Foto por Fernando Campanella |
Caro eu,
Às vezes te chamo no meio de uma tarde, naquela segunda-feira fria, filha do outono, quase inverno, quando nuvens se carregam de uma antiga opressão, e certa melancolia, vinda do nada, que é tua, ameaça romper-te, extravasar as bordas de tua contenção . Mais tarde – dizes a mim - agora não posso, “tenho promessas a cumprir, e milhas a percorrer, antes de dormir”, como naqueles versos de Frost.
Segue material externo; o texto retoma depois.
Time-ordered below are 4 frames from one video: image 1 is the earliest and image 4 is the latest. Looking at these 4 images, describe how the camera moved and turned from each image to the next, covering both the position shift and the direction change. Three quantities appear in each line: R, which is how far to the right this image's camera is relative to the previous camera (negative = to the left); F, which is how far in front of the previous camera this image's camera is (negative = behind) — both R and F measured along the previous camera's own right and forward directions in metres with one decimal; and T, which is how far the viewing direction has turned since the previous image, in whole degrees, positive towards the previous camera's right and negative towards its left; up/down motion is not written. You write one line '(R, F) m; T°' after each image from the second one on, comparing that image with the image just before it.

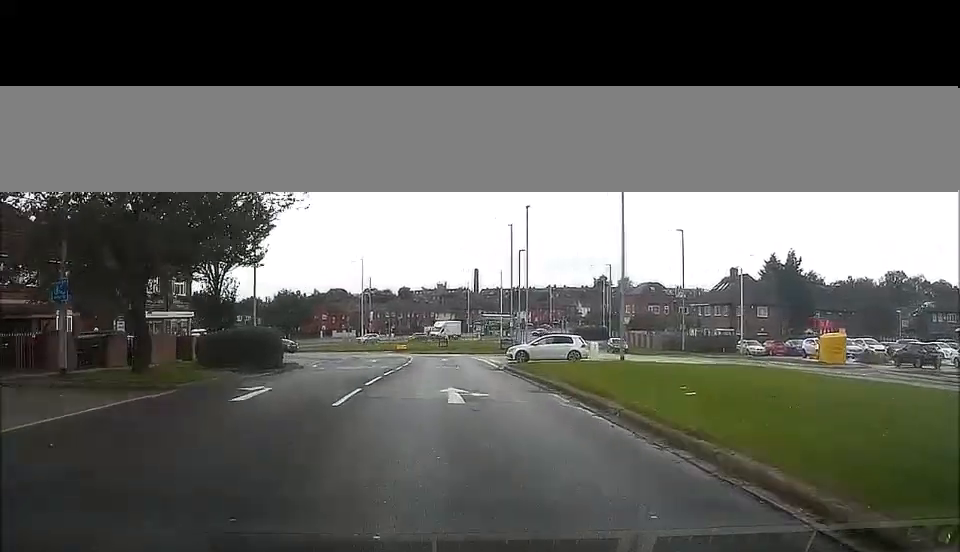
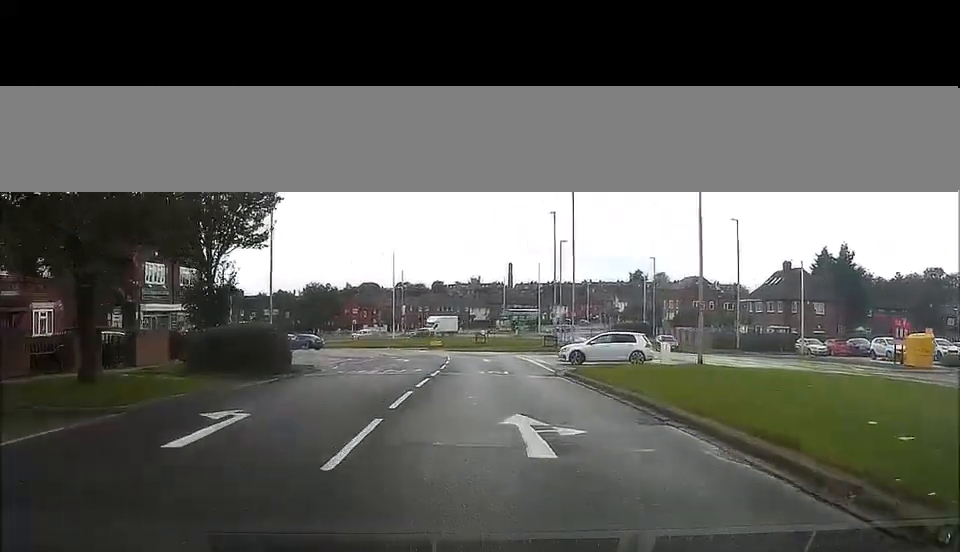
(-0.1, +6.2) m; -1°
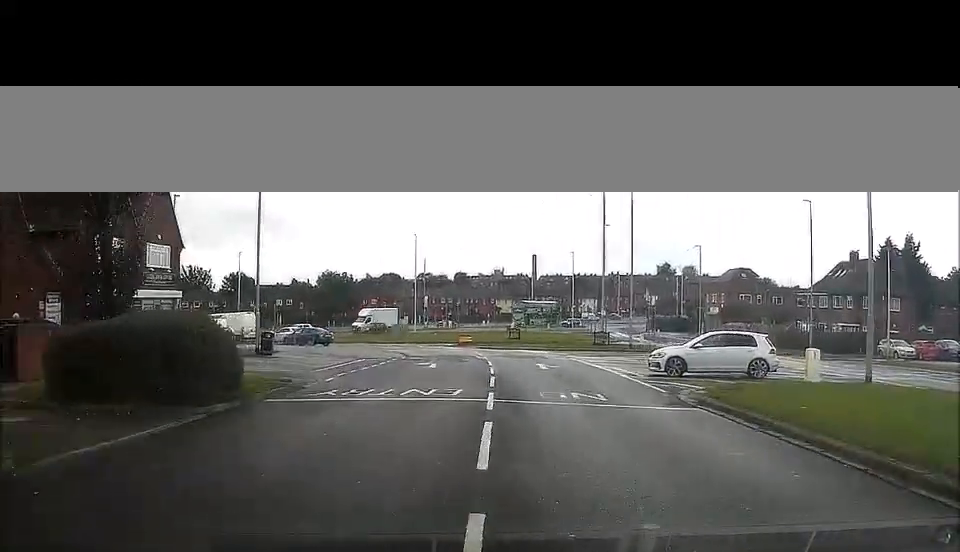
(-0.1, +10.6) m; -1°
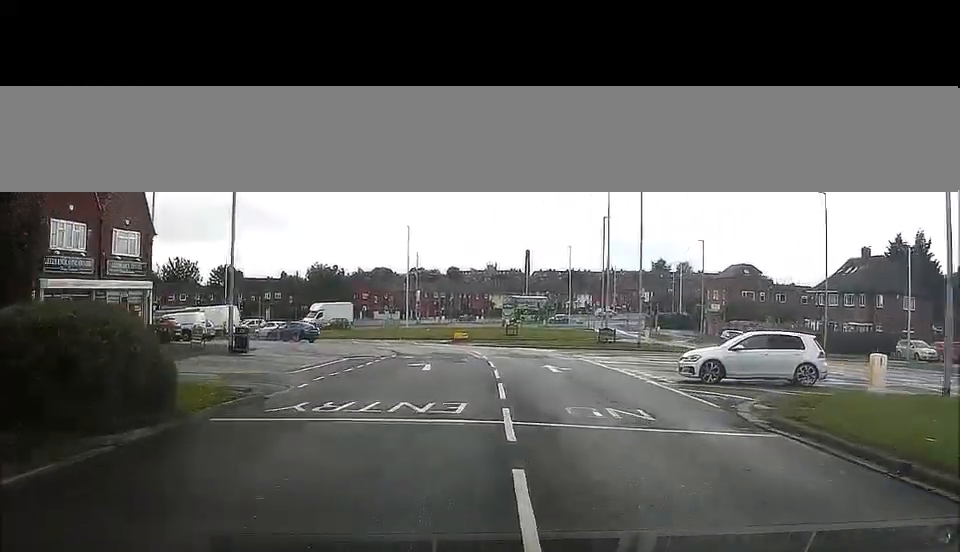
(0.0, +3.6) m; 0°

E segues o rumo de tuas rotinas , tuas pequenas, intoleráveis burocracias. Tampas os ouvidos, cumpres agendas, marcas consultas na eterna e comprometedora roda dentada do dia.
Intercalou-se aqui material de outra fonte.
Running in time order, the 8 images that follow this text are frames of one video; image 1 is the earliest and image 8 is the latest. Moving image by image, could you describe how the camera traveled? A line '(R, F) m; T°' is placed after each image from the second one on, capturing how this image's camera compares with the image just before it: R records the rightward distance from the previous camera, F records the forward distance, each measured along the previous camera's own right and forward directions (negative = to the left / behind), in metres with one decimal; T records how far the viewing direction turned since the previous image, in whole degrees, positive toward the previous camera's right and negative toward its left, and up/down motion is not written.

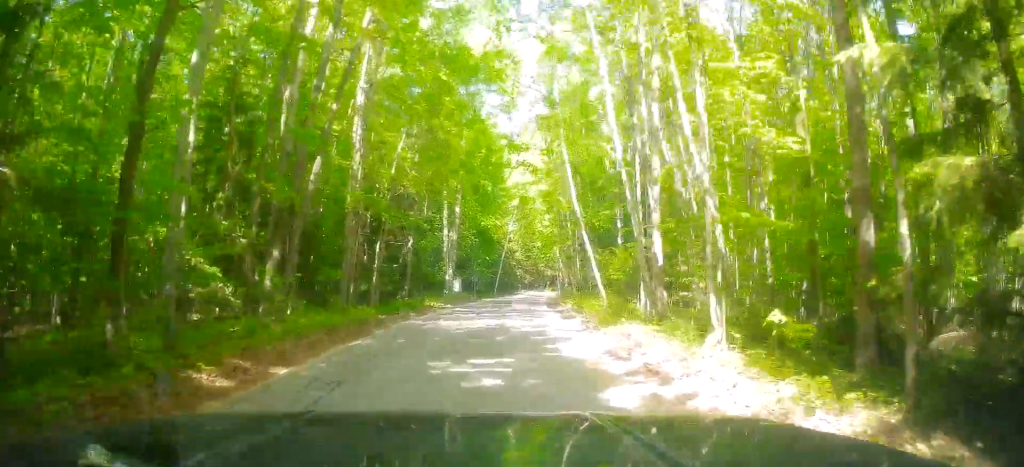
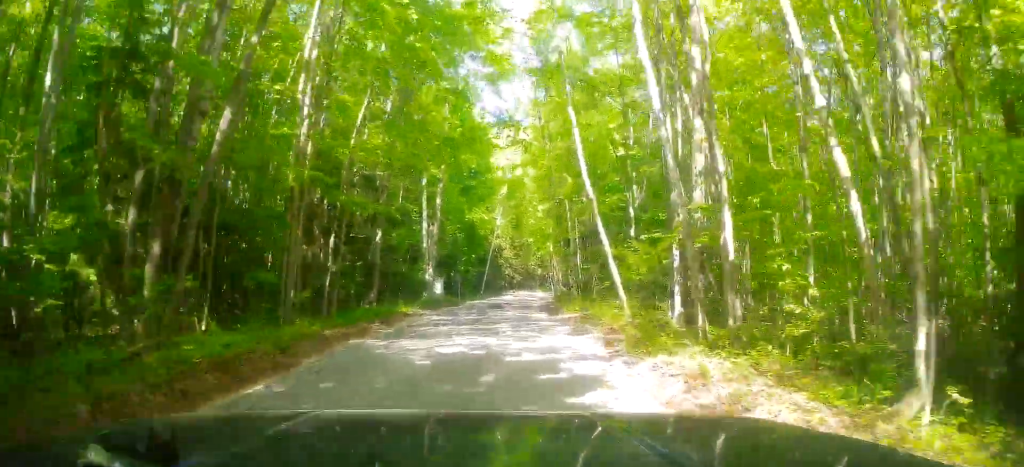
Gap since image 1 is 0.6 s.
(0.0, +5.6) m; 0°
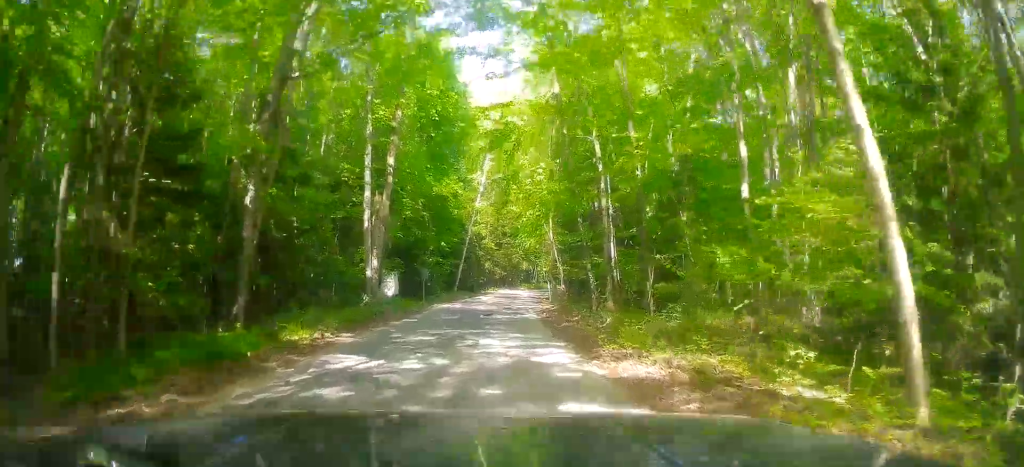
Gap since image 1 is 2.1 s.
(-0.3, +13.4) m; -3°
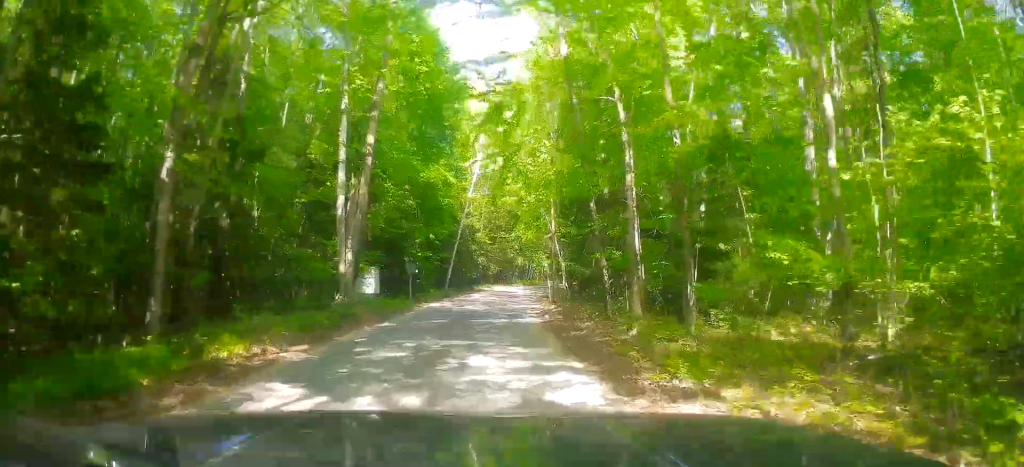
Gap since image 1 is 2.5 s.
(0.0, +3.8) m; -1°
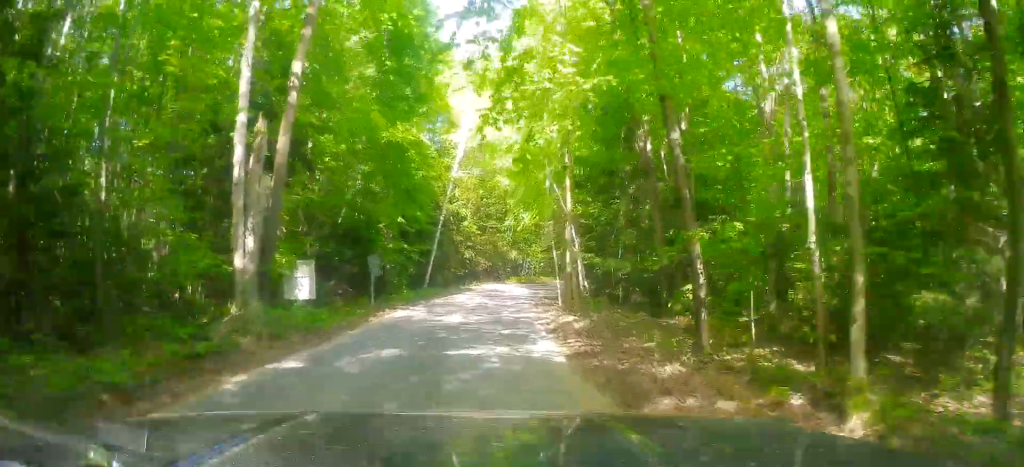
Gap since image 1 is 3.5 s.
(-0.2, +8.7) m; +1°
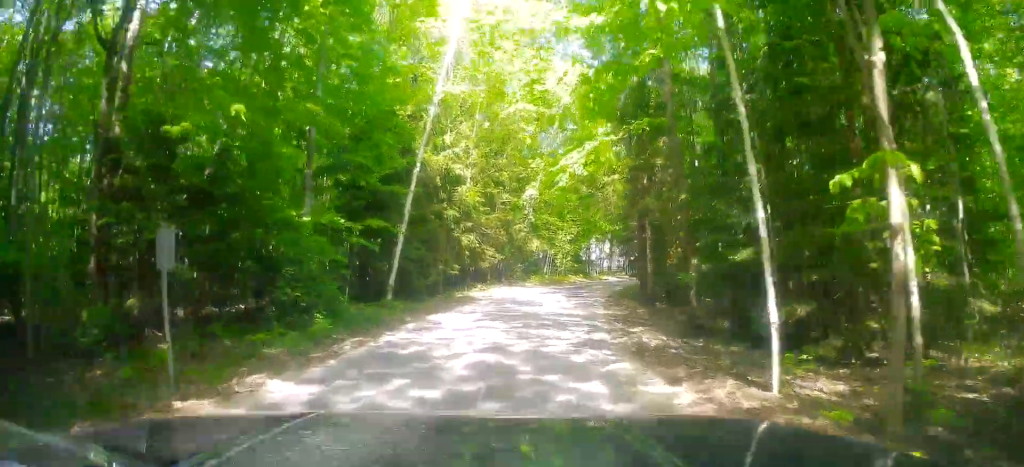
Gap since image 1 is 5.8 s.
(+1.4, +17.1) m; +11°
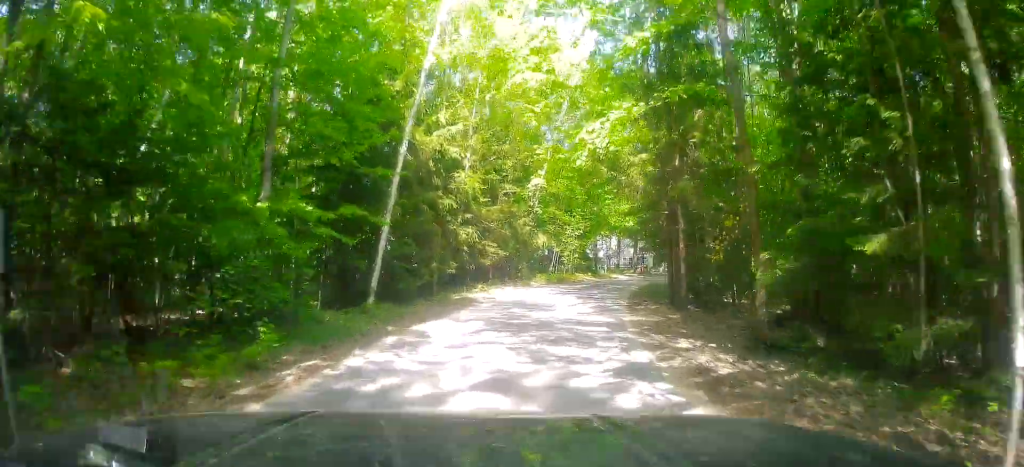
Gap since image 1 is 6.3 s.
(-0.1, +3.2) m; +3°
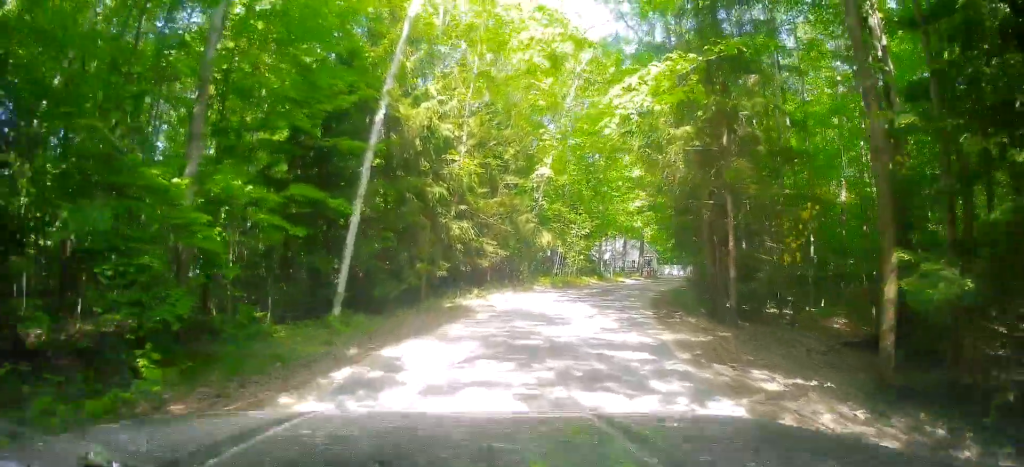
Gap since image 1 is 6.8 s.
(+0.3, +3.9) m; +4°

E te sentes quase realizado nesta ilusão doce , no ato de ser alguém responsável no mundo. É quando entre os ruídos, no fundo amorfo da tarde, um pássaro insiste em teu quintal, um pio, uma sincronia, canto brotado da tua tristeza amarelecida em algum subnível de tuas emoções.
Seria um ninho em algum beiral, em algum vão de um muro? Estranha presença no meio do dia, nem sabes o nome de quem assim canta... Um falso bem-te-vi, talvez? Uma gralha?
O pássaro seria eu mesmo vindo de nenhures. Se soubesses onde eu me escondo, poderias arriscar uma fotografia, captar minha imagem sem acontecimentos, mas não importa, sabes que sou teu pássaro, e que meus sons desenham-se em teu espelho. Então uma luz, tênue a princípio, vai se encorpando, toma o marrom dos telhados que avistas da tua janela, abre a tua paisagem. Coisas remotas, sem armações, irrompem (eu- pássaro a te instigar) arrancando-te certas cruas belezas de dentro, até te confundires comigo, e é a ti que agoras escutas, tua voz, teu todo articulado, poéticas alucinações que te embalam. Te entregas, e descobres meu ninho lá no fundo de tua nostalgia, meus pios trêmulos bicando, a penugem em azul, asas em filigranas iluminadas...
As agendas que se esqueçam, meu caro eu, este ninho alquímico é como forno brando que te aquece a alma, e te arma o vôo, algo essência, um chamado. Tu em mim.
Fernando Campanella
Belíssimo texto/poema, que maravilha, aprecio demais teus escritos, querido amigo do coração.